When adding a built-in model with recipe: "vllm", check whether its model family needs vLLM arguments. If it does, update vllm_model_config.json in the same PR as the server_models.json entry.

The config has two layers:

{
  "schema_version": 1,
  "enable_checkpoint_regex_match": true,
  "families": {
    "qwen3.": {
      "match": [
        {
          "checkpoint_regex": "Qwen3\\."
        }
      ],
      "args": "--enable-auto-tool-choice --tool-call-parser qwen3_coder"
    }
  },
  "models": {
    "Qwen3.5-4B-vLLM": {
      "family": "qwen3."
    }
  }
}
  • families defines reusable defaults for a model family. Each family can include args and optional match entries.
  • models maps Lemonade model names to a family and can also add per-model args.
  • checkpoint_regex is matched against the model checkpoint, not only the organization name. This lets one family match checkpoints from different Hugging Face organizations.
  • enable_checkpoint_regex_match controls automatic family matching for unlisted models. Set it to false to require explicit entries under models.
  • A model entry can set disable_family_match: true to prevent regex family matching for that model while still allowing model-specific args.

Argument precedence is:

  1. Family args
  2. Exact model args
  3. User-provided vllm_args

Later layers override conflicting earlier flags but keep non-conflicting flags. Binary --flag / --no-flag pairs are resolved like the rest of Lemonade's *_args merge behavior, and repeated generic flags are preserved when the same flag appears multiple times.

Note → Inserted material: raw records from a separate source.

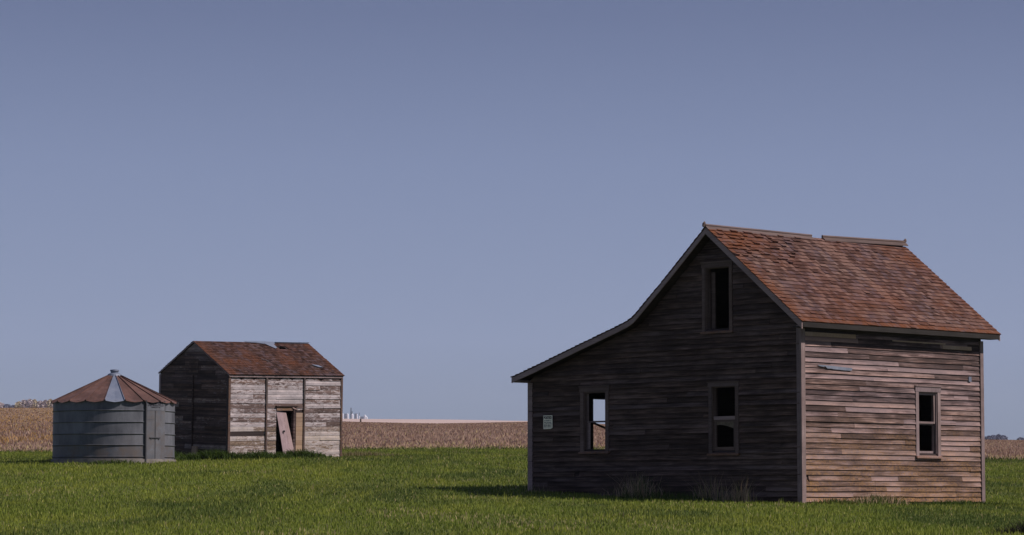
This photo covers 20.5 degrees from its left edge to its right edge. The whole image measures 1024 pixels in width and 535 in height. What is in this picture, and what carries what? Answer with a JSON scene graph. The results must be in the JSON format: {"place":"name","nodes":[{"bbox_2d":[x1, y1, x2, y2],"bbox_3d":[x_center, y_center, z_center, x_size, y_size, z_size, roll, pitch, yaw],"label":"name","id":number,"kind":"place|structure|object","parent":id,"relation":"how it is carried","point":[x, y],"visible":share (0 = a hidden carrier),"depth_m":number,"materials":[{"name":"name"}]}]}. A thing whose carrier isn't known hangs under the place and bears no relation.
{"place":"outdoors","nodes":[
{"label":"outdoors","id":0,"kind":"place"},
{"bbox_2d":[342,419,527,422],"bbox_3d":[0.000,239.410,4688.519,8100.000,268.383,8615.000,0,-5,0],"label":"field","id":1,"kind":"structure","parent":0,"point":[417,421],"depth_m":615.18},
{"bbox_2d":[15,401,22,407],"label":"tree","id":2,"kind":"object","parent":1,"relation":"on","point":[17,403],"visible":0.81,"depth_m":1497.87,"materials":[{"name":"grey plant"}]},
{"bbox_2d":[20,400,27,407],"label":"tree","id":3,"kind":"object","parent":1,"relation":"on","point":[23,405],"visible":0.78,"depth_m":1498.12,"materials":[{"name":"grey plant"}]},
{"bbox_2d":[24,399,33,407],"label":"tree","id":4,"kind":"object","parent":1,"relation":"on","point":[29,405],"visible":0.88,"depth_m":1497.95,"materials":[{"name":"grey plant"}]},
{"bbox_2d":[31,399,37,407],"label":"tree","id":5,"kind":"object","parent":1,"relation":"on","point":[35,402],"visible":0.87,"depth_m":1498.22,"materials":[{"name":"grey plant"}]},
{"bbox_2d":[37,401,42,407],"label":"tree","id":6,"kind":"object","parent":1,"relation":"on","point":[39,403],"visible":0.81,"depth_m":1497.97,"materials":[{"name":"grey plant"}]},
{"bbox_2d":[41,400,48,407],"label":"tree","id":7,"kind":"object","parent":1,"relation":"on","point":[44,404],"visible":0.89,"depth_m":1497.79,"materials":[{"name":"grey plant"}]},
{"bbox_2d":[46,399,52,407],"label":"tree","id":8,"kind":"object","parent":1,"relation":"on","point":[49,404],"visible":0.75,"depth_m":1498.07,"materials":[{"name":"grey plant"}]},
{"bbox_2d":[0,408,1023,460],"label":"brown field","id":9,"kind":"structure","parent":0,"point":[49,416],"depth_m":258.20,"materials":[{"name":"brown plant"}]},
{"bbox_2d":[0,445,1023,534],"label":"ground","id":10,"kind":"structure","parent":0,"point":[204,520],"depth_m":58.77,"materials":[{"name":"green plant"}]},
{"bbox_2d":[50,369,177,463],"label":"grain bin","id":11,"kind":"object","parent":10,"relation":"on","point":[114,414],"visible":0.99,"depth_m":85.37,"materials":[{"name":"metal"}]},
{"bbox_2d":[147,410,164,460],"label":"door","id":12,"kind":"structure","parent":11,"relation":"in","point":[155,419],"depth_m":85.68,"materials":[{"name":"metal"}]},
{"bbox_2d":[81,458,159,464],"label":"grass tuft","id":13,"kind":"object","parent":10,"relation":"on","point":[111,461],"visible":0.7,"depth_m":84.70,"materials":[{"name":"green plant"}]},
{"bbox_2d":[174,449,197,459],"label":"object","id":14,"kind":"object","parent":10,"relation":"on","point":[177,455],"visible":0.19,"depth_m":89.24,"materials":[{"name":"green plant"}]},
{"bbox_2d":[191,446,197,454],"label":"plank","id":15,"kind":"object","parent":10,"relation":"on","point":[194,449],"visible":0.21,"depth_m":90.78,"materials":[{"name":"grey wood"}]},
{"bbox_2d":[176,449,273,460],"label":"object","id":16,"kind":"object","parent":10,"relation":"on","point":[215,454],"visible":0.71,"depth_m":88.93,"materials":[{"name":"green plant"}]},
{"bbox_2d":[158,341,344,456],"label":"shed","id":17,"kind":"structure","parent":10,"relation":"on","point":[257,396],"depth_m":91.41,"materials":[{"name":"grey wood"}]},
{"bbox_2d":[276,411,293,451],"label":"door","id":18,"kind":"structure","parent":17,"relation":"in","point":[285,436],"depth_m":91.30,"materials":[{"name":"wood"}]},
{"bbox_2d":[213,450,313,459],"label":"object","id":19,"kind":"object","parent":10,"relation":"on","point":[260,454],"visible":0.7,"depth_m":89.56,"materials":[{"name":"green plant"}]},
{"bbox_2d":[273,448,338,458],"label":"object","id":20,"kind":"object","parent":10,"relation":"on","point":[305,453],"visible":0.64,"depth_m":90.67,"materials":[{"name":"green plant"}]},
{"bbox_2d":[342,450,405,456],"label":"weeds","id":21,"kind":"object","parent":10,"relation":"on","point":[360,454],"visible":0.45,"depth_m":94.24,"materials":[{"name":"green plant"}]},
{"bbox_2d":[604,471,686,498],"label":"dry weeds","id":22,"kind":"object","parent":10,"relation":"on","point":[641,489],"visible":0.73,"depth_m":61.36,"materials":[{"name":"brown plant"}]},
{"bbox_2d":[598,490,756,502],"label":"green weeds","id":23,"kind":"object","parent":10,"relation":"on","point":[665,496],"visible":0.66,"depth_m":60.45,"materials":[{"name":"green plant"}]},
{"bbox_2d":[686,472,734,501],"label":"dry weeds","id":24,"kind":"object","parent":10,"relation":"on","point":[710,495],"visible":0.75,"depth_m":59.87,"materials":[{"name":"brown plant"}]},
{"bbox_2d":[723,477,762,502],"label":"dry weeds","id":25,"kind":"object","parent":10,"relation":"on","point":[746,494],"visible":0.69,"depth_m":59.30,"materials":[{"name":"brown plant"}]},
{"bbox_2d":[510,221,1000,503],"bbox_3d":[5.457,2.498,64.049,7.069,6.562,8.692,5,-6,-44],"label":"farmhouse","id":26,"kind":"object","parent":10,"relation":"on","point":[788,367],"visible":0.98,"depth_m":61.38,"materials":[{"name":"brown wood"}]},
{"bbox_2d":[543,415,552,428],"bbox_3d":[0.815,3.514,64.196,0.012,0.310,0.290,5,-6,-44],"label":"notice sign","id":27,"kind":"object","parent":26,"relation":"attached to","point":[547,422],"visible":1,"depth_m":64.19,"materials":[{"name":"paper"}]},
{"bbox_2d":[578,385,609,453],"bbox_3d":[1.882,3.404,63.217,0.205,1.519,0.940,5,-6,-44],"label":"window","id":28,"kind":"structure","parent":26,"relation":"in","point":[585,425],"depth_m":63.38,"materials":[{"name":"grey wood"}]},
{"bbox_2d":[592,398,604,445],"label":"window","id":29,"kind":"structure","parent":26,"relation":"in","point":[596,424],"depth_m":65.98,"materials":[{"name":"clear glass"}]},
{"bbox_2d":[700,260,733,333],"bbox_3d":[4.462,0.644,60.820,0.245,1.554,0.920,5,-6,-44],"label":"window","id":30,"kind":"structure","parent":26,"relation":"in","point":[708,277],"depth_m":61.01,"materials":[{"name":"grey wood"}]},
{"bbox_2d":[707,381,739,455],"bbox_3d":[4.563,3.229,60.480,0.205,1.584,0.910,5,-6,-44],"label":"window","id":31,"kind":"structure","parent":26,"relation":"in","point":[714,420],"depth_m":60.58,"materials":[{"name":"grey wood"}]},
{"bbox_2d":[914,385,942,458],"bbox_3d":[9.077,3.389,61.944,0.940,1.584,0.205,5,-6,-44],"label":"window","id":32,"kind":"structure","parent":26,"relation":"in","point":[935,391],"depth_m":62.11,"materials":[{"name":"grey wood"}]},
{"bbox_2d":[804,497,863,504],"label":"green weeds","id":33,"kind":"object","parent":10,"relation":"on","point":[846,501],"visible":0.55,"depth_m":58.94,"materials":[{"name":"green plant"}]},
{"bbox_2d":[839,493,921,504],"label":"green weeds","id":34,"kind":"object","parent":10,"relation":"on","point":[873,500],"visible":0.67,"depth_m":59.90,"materials":[{"name":"green plant"}]},
{"bbox_2d":[899,499,1022,505],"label":"green weeds","id":35,"kind":"object","parent":10,"relation":"on","point":[957,502],"visible":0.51,"depth_m":61.84,"materials":[{"name":"green plant"}]},
{"bbox_2d":[964,518,1023,533],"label":"dark bush","id":36,"kind":"object","parent":10,"relation":"on","point":[1015,528],"visible":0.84,"depth_m":42.66,"materials":[{"name":"green plant"}]},
{"bbox_2d":[0,0,1023,439],"label":"sky","id":37,"kind":"structure","parent":0,"point":[444,200],"materials":[{"name":"blue"}]}
]}

Lemonade-managed process arguments cannot be set in this file or in vllm_args: --model, --served-model-name, --host, --port, --max-model-len, --enforce-eager, and --enable-prefix-caching.

Tuning

Free-form CLI args can be appended to vllm-server via vllm.args:

# Allow more concurrent sequences and turn on prefix caching
lemonade config set vllm.args="--max-num-seqs 128 --enable-prefix-caching"

The flat form (vllm_args=...) is also accepted and maps to the same setting.

Known gotchas

  • Cold first-load JIT. Loading a new model size triggers a Triton kernel compile. Expect 20 s – several minutes the first time you hit a given model+shape; subsequent loads of the same shape are faster as kernels cache to disk.
  • FP8 first-load is slow on gfx1151. Cold-loading Qwen/Qwen3-4B-FP8 took ~12 minutes in our test, exceeding Lemonade's default wait_for_ready timeout. The engine selects TritonFp8BlockScaledMMKernel and emits "Using default W8A8 Block FP8 kernel config. Performance might be sub-optimal." warnings — i.e. no AMD-tuned kernel configs are shipped for this GPU's exact shapes, so vLLM autotunes from defaults. FP16 is the most polished path today; FP8 should improve once AMD ships tuned configs.
  • huggingface-hub shadowing. Lemonade launches vllm-server with PYTHONNOUSERSITE=1 so the bundled huggingface_hub is used. If a module-not-found error still appears, ensure ~/.local/lib/python3.12/site-packages/huggingface_hub isn't being injected via PYTHONPATH.
  • Long load times can leave orphaned processes if interrupted. If a load times out at the Lemonade level, vLLM's child EngineCore may continue running in the background and hold VRAM until killed. Look for a VLLM::EngineCor process and kill -9 it before retrying.